Reporting of Serious Adverse Events. Within 24 hours of first awareness of the event (immediately if the event is fatal or life-threatening), Principal Investigator will report to Pfizer by facsimile any Serious Adverse Event (“SAE,” as defined below) for which reporting is required under this provision (as described below). Such SAEs are to be reported for (1) Study subjects who are assigned or, in the case of a blinded Study, possibly assigned to receive the Pfizer Product or (2) individuals otherwise exposed to the Pfizer Product as described below. Principal Investigator should report SAEs as soon as they are determined to meet the definition, even if complete information is not yet available.


  1. Reporting Forms. Principal Investigator will report SAEs using one of the following forms: (1) a reporting form approved by the local regulatory authority, (2) a CIOMS form, (3) a Pfizer-provided Investigator-Initiated Research Serious Adverse Event Form, or (4) any other form prospectively approved by Pfizer. The Reportable Event Fax Cover Sheet provided by Pfizer must also be included with each SAE submitted.

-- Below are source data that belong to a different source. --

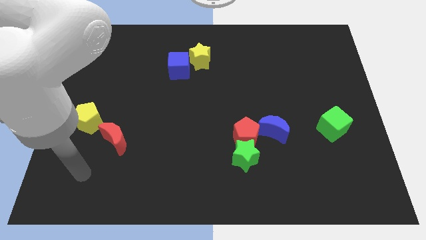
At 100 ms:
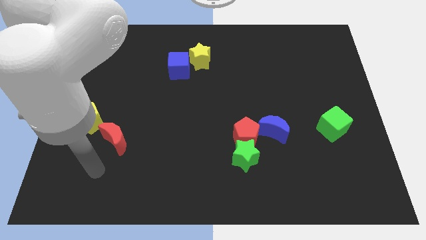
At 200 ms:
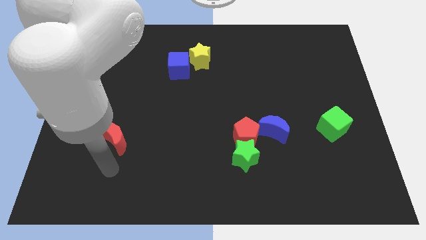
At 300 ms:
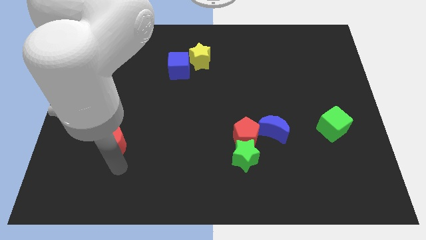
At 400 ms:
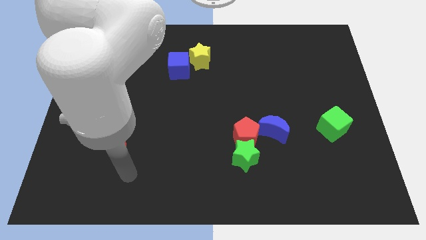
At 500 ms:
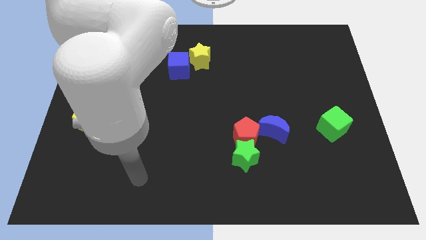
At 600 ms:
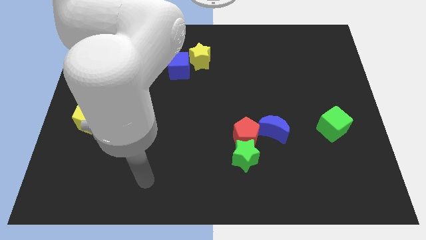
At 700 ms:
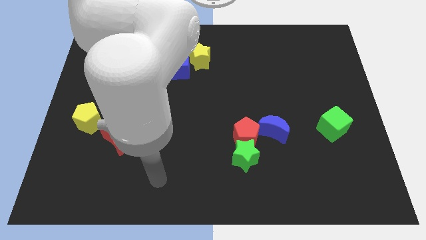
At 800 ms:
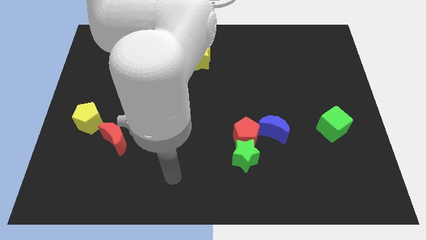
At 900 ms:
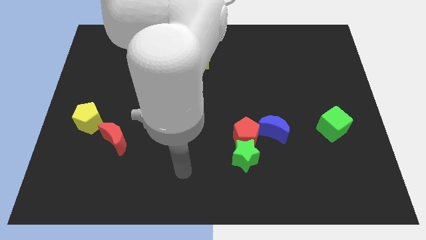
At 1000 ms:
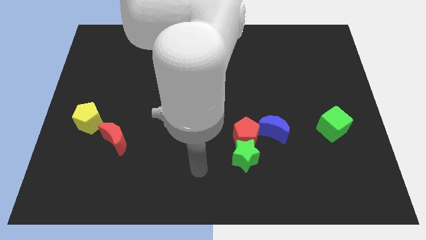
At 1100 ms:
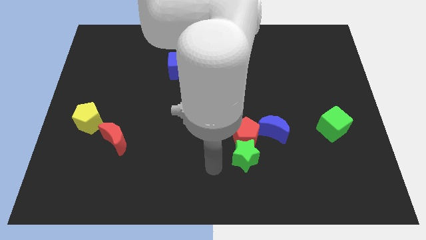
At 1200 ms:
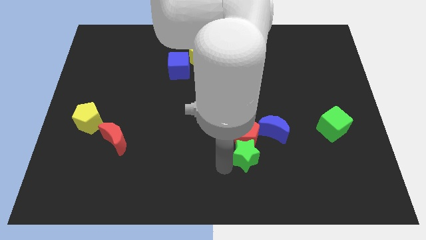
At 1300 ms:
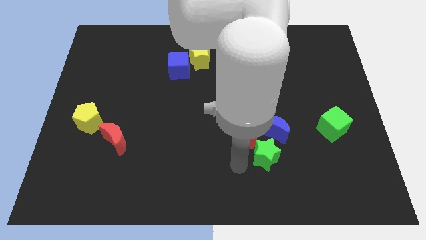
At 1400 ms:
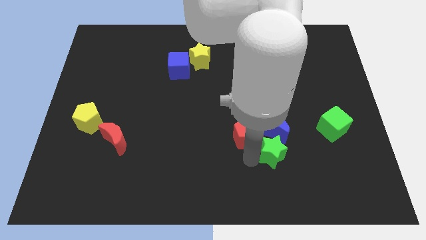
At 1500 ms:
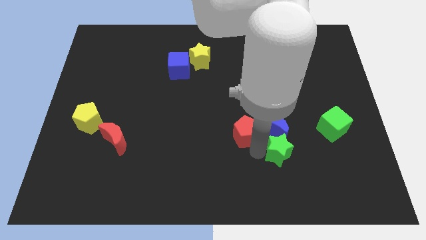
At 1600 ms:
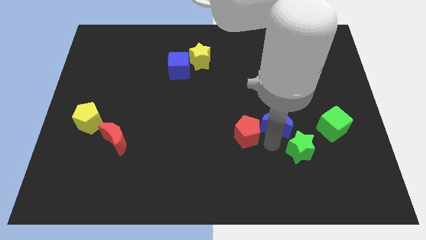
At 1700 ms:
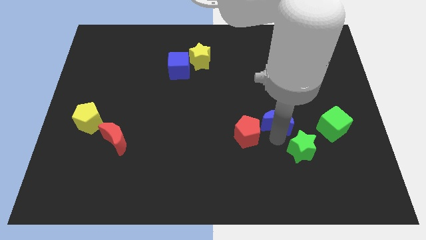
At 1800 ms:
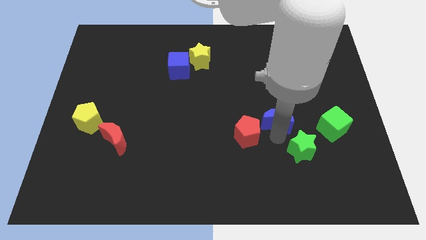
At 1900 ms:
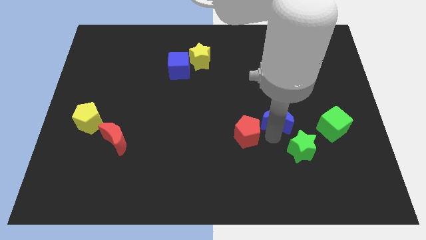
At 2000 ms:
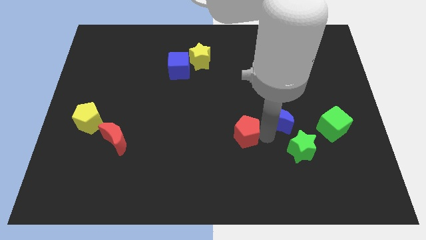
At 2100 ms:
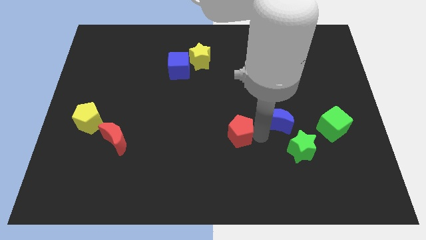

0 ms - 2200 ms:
move the red pentagon away from the green star and blue moon

  2. SAE Definition. An SAE is any adverse event, without regard to causality, that is life-threatening (i.e., causes an immediate risk of death) or that results in any of the following outcomes: death; in-patient hospitalization or prolongation of existing hospitalization; persistent or significant disability or incapacity (i.e., substantial disruption of the ability to conduct normal life functions); or a congenital anomaly or birth defect. Any other medical event that, in the medical judgment of the Principal Investigator, may jeopardize the subject or may require medical or surgical intervention to prevent one of the outcomes listed above is also considered an SAE. A planned medical or surgical procedure is not, in itself, an SAE
  3. Exposure During Pregnancy, Exposure During Lactation, Occupational Exposure, and Lack Of Effect. Even though there may not be an associated SAE, exposure to the Pfizer Product during pregnancy, exposure to the Pfizer Product during lactation, and occupational exposure to the Pfizer Product are reportable, and lack of effect of the Pfizer Product may also be reportable. These requirements are further explained in the training material provided by Pfizer (see Pfizer-Provided Training, below). As used in this Agreement, the term SAE will be understood to include exposure during pregnancy, exposure during lactation, occupational exposure, and reportable instances of lack of effect.

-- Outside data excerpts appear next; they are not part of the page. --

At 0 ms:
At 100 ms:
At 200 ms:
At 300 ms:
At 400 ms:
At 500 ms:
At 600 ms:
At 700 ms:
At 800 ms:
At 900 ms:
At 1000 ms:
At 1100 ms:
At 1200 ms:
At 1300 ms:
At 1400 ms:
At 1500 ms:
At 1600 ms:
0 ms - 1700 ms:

  4. Hy’s Law Cases. Cases of potential drug-induced liver injury as assessed by laboratory test values (“Hy’s Law Cases”) are also reportable to Pfizer. If a Study subject develops abnormal values in aspartate transaminase (AST) or alanine transaminase or both, concurrent with abnormal elevations in total bilirubin and no other known cause of liver injury, that event would be classified as a Hy’s Law Case. This reporting requirement is further explained in the training material provided by Pfizer (see Pfizer-Provided Training, below). As used in this Agreement, the term SAE will be understood to also include Hy’s Law Cases.
  5. Exclusions from SAE Reporting Requirements. Specifically excluded from the reporting requirements for SAEs under this provision is any SAE identified in the Protocol as anticipated to occur in the Study population at some frequency independent of drug exposure, unless the Principal Investigator assesses such an event as related to the Pfizer Product.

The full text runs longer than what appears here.